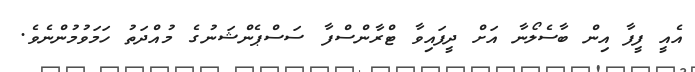
އެއީ ފީފާ އިން ބާސެލޯނާ އަށް ދީފައިވާ ޓްރާންސްފާ ސަސްޕެންޝަނުގެ މުއްދަތު ހަމަވުމުންނެވެ.
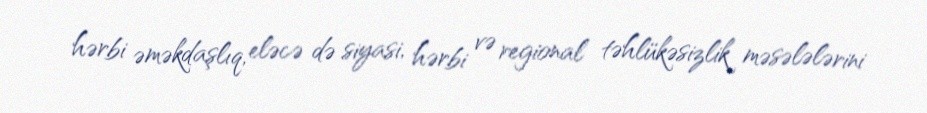
hərbi əməkdaşlıq, eləcə də siyasi, hərbi və regional təhlükəsizlik məsələlərini
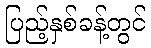
ပြည့်နှစ်ခန့်တွင်
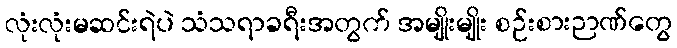
လုံးလုံးမဆင်းရဲပဲ သံသရာခရီးအတွက် အမျိုးမျိုး စဉ်းစားဉာဏ်တွေ
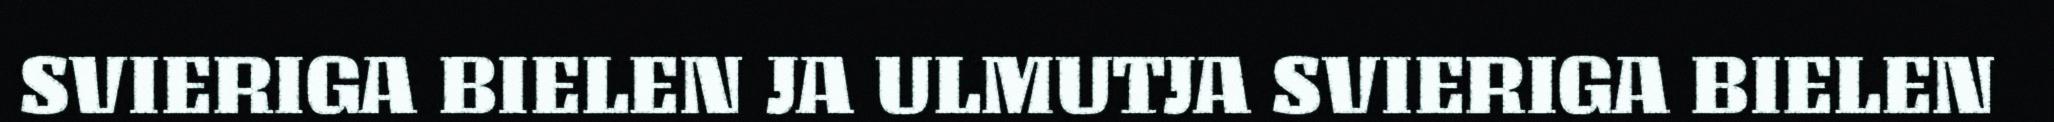
SVIERIGA BIELEN JA ULMUTJA SVIERIGA BIELEN
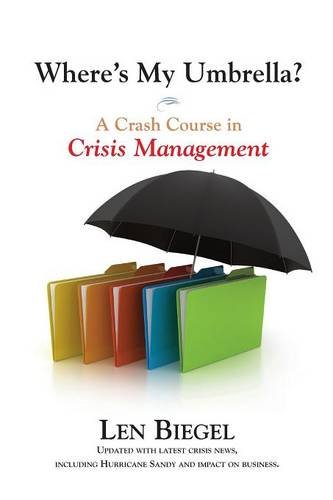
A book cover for Where's My Umbrella? A Crash Course in Crisis Management; Len Biegel; Business & Money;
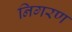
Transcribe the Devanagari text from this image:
निगरण
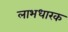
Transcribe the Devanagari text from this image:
लाभधारक
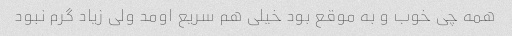
همه چی خوب و به موقع بود خیلی هم سریع اومد ولی زیاد گرم نبود
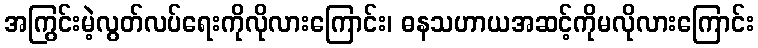
အကြွင်းမဲ့လွတ်လပ်ရေးကိုလိုလားကြောင်း၊ ဓနသဟာယအဆင့်ကိုမလိုလားကြောင်း
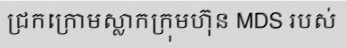
ជ្រកក្រោមស្លាកក្រុមហ៊ុន MDS របស់
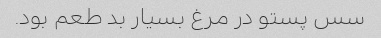
سس پستو در مرغ بسیار بد طعم بود.
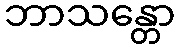
ဘာသန္တော
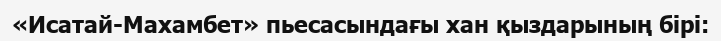
«Исатай-Махамбет» пьесасындағы хан қыздарының бірі:
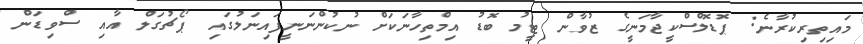
މައިތިރިކުރާނެ: ޕޮޑޮލްސްކީޖާމަނީގެ ޒުވާން ޓީމު ބޮޑު އިމްތިހާނަކަށް ނުކުންނަނީފައިނަލުގައި ޕޯޗުގަލް އާއި ސްވިޑަން
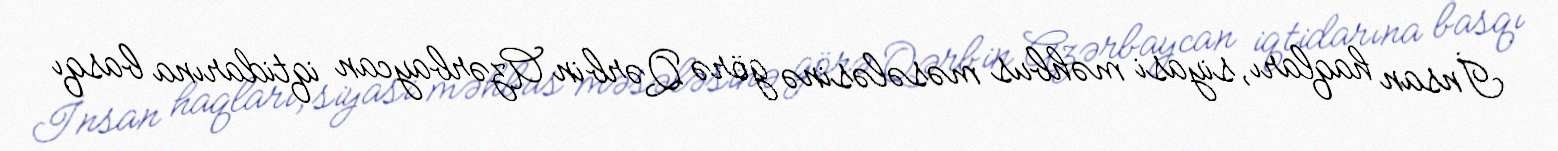
İnsan haqları, siyasi məhbus məsələsinə görə Qərbin Azərbaycan iqtidarına basqı
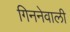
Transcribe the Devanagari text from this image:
गिननेवाली
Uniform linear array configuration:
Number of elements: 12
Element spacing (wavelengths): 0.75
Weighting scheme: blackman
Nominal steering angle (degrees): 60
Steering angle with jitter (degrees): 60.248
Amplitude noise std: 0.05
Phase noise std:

Exercise aim: With pictures left out, transcribe each line from the one containing "A book cover" through the end of the data, both ends included.

Solution:
A book cover for Where's My Umbrella? A Crash Course in Crisis Management; Len Biegel; Business & Money;
Transcribe the Devanagari text from this image:
निगरण
Transcribe the Devanagari text from this image:
लाभधारक
همه چی خوب و به موقع بود خیلی هم سریع اومد ولی زیاد گرم نبود
အကြွင်းမဲ့လွတ်လပ်ရေးကိုလိုလားကြောင်း၊ ဓနသဟာယအဆင့်ကိုမလိုလားကြောင်း
ជ្រកក្រោមស្លាកក្រុមហ៊ុន MDS របស់
سس پستو در مرغ بسیار بد طعم بود.
ဘာသန္တော
«Исатай-Махамбет» пьесасындағы хан қыздарының бірі:
މައިތިރިކުރާނެ: ޕޮޑޮލްސްކީޖާމަނީގެ ޒުވާން ޓީމު ބޮޑު އިމްތިހާނަކަށް ނުކުންނަނީފައިނަލުގައި ޕޯޗުގަލް އާއި ސްވިޑަން
İnsan haqları, siyasi məhbus məsələsinə görə Qərbin Azərbaycan iqtidarına basqı
Transcribe the Devanagari text from this image:
गिननेवाली
Uniform linear array configuration:
Number of elements: 12
Element spacing (wavelengths): 0.75
Weighting scheme: blackman
Nominal steering angle (degrees): 60
Steering angle with jitter (degrees): 60.248
Amplitude noise std: 0.05
Phase noise std:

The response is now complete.